This repository contains code used for the p50 infertility project. There are two separate tasks:
- Running CELLECT on ovary datasets with infertility and hormone GWAS sumstats to prioritise etiologic cell types.
- Finding marker genes for clusters from the ovary datasets.
Using CELLEX and CELLECT on single cell RNA-seq ovary datasets with infertility GWAS summary statistics
To use CELLEX and CELLECT, follow the instructions on their github repositories. Once the CELLECT directory is cloned from their github, create a subdirectory p50 for this project.

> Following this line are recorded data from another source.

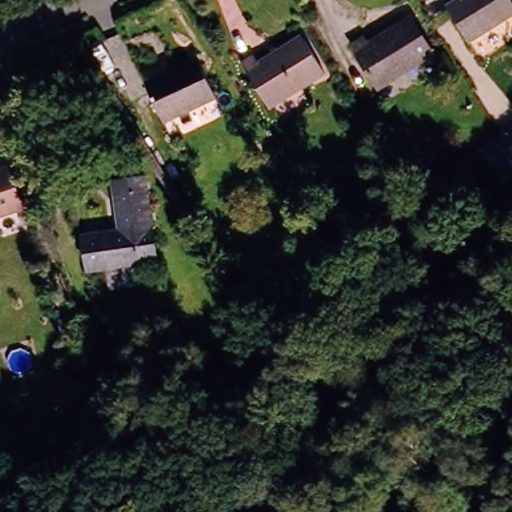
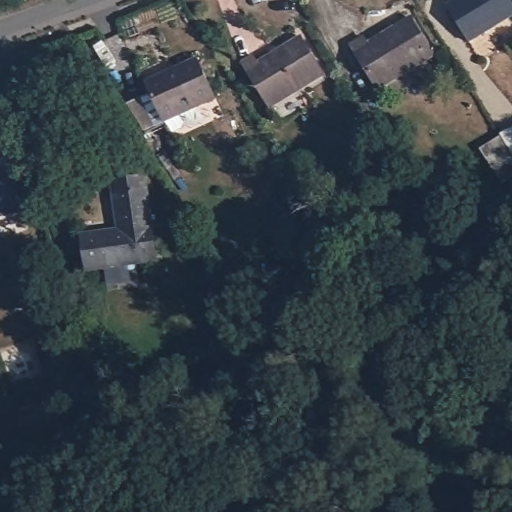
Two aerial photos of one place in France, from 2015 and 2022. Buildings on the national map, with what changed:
unchanged [(512,5),(512,10),(467,42),(442,5),(450,0),(509,0),(512,5)]
unchanged [(430,56),(373,88),(347,43),(360,36),(364,43),(408,18),(430,56)]
unchanged [(241,61),(254,53),(257,60),(301,34),(322,71),(266,105),(241,61)]
unchanged [(192,60),(213,97),(162,127),(142,90),(192,60)]
unchanged [(512,128),(512,149),(502,134),(512,128)]
unchanged [(512,149),(512,178),(500,185),(478,149),(502,134),(512,149)]
unchanged [(24,214),(0,223),(0,173),(7,170),(24,214)]
unchanged [(81,269),(78,231),(116,227),(113,193),(112,176),(141,172),(142,190),(150,262),(81,269)]

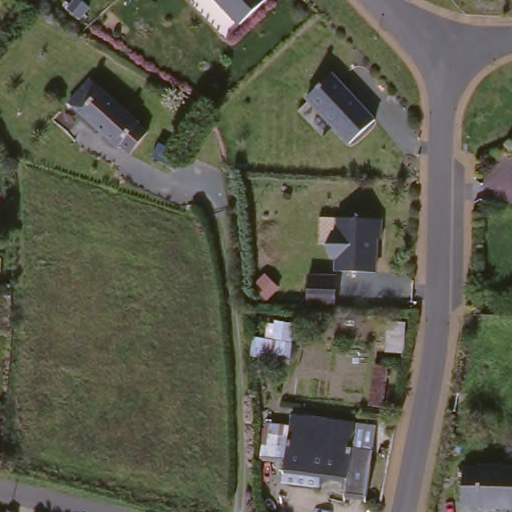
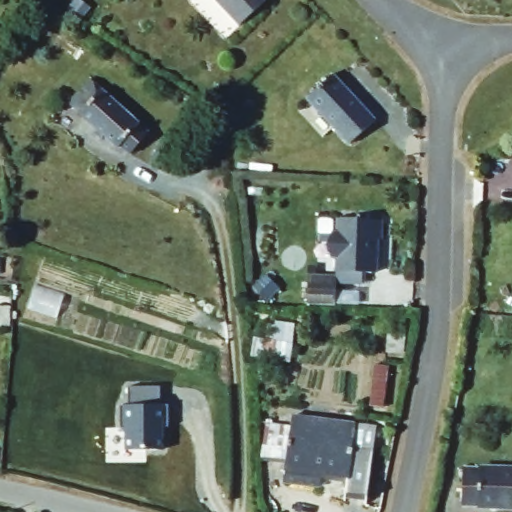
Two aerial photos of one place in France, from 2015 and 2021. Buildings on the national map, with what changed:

The basic directory structure for the p50 infertility project work:
|-- cluster_markers
| |-- GSE118127
| |-- GSE202601
| `-- GSE213216
|-- data
| |-- counts
| |-- esmu
| `-- sumstats
|-- dbSNP
|-- logs
`-- plots
- CELLECT_OUT_p50 - Created when CELLECT is run. Contains CELLECT output files.
- cluster_markers - Store cluster_marker_genes output files here.
- data - Store input data for CELLEX and CELLECT here.
- dbSNP - Store the MarkerName to RSID map file here.
- logs - For logs.
- plots - Store plots generated from CELLECT results here.
Once the directory structure is set up, follow the pipeline below.
- Download data
We need scRNA-seq count data and the corresponding cell type annotations metadata. We also need GWAS summary statistics (in-house). See datasets for more information. - Set up environments
Download required packages/create the recommended conda environments. More information is given in set_up. - Prepare ESMU files (run CELLEX)
Using the counts and cell type annotations metadata as input, we use CELLEX to produce expression specificity files (ESMU). See prepare_esmu for R and python code used to prepare data and run CELLEX. - Prepare sumstats file
Use the pipeline provided in prepare_sumstats to prepare the GWAS summary statistics for input to CELLECT. - Run CELLECT
Using munged summary stats and ESMU files as input, we use CELLECT to prioritise etilogical cell types. Use the config_p50.yml file provided. See run_cellect. - Visualisation
Use R to visualise the results. See visualisation.
Find cluster gene markers for three single cell RNA-seq ovary datasets. See cluster_marker_genes.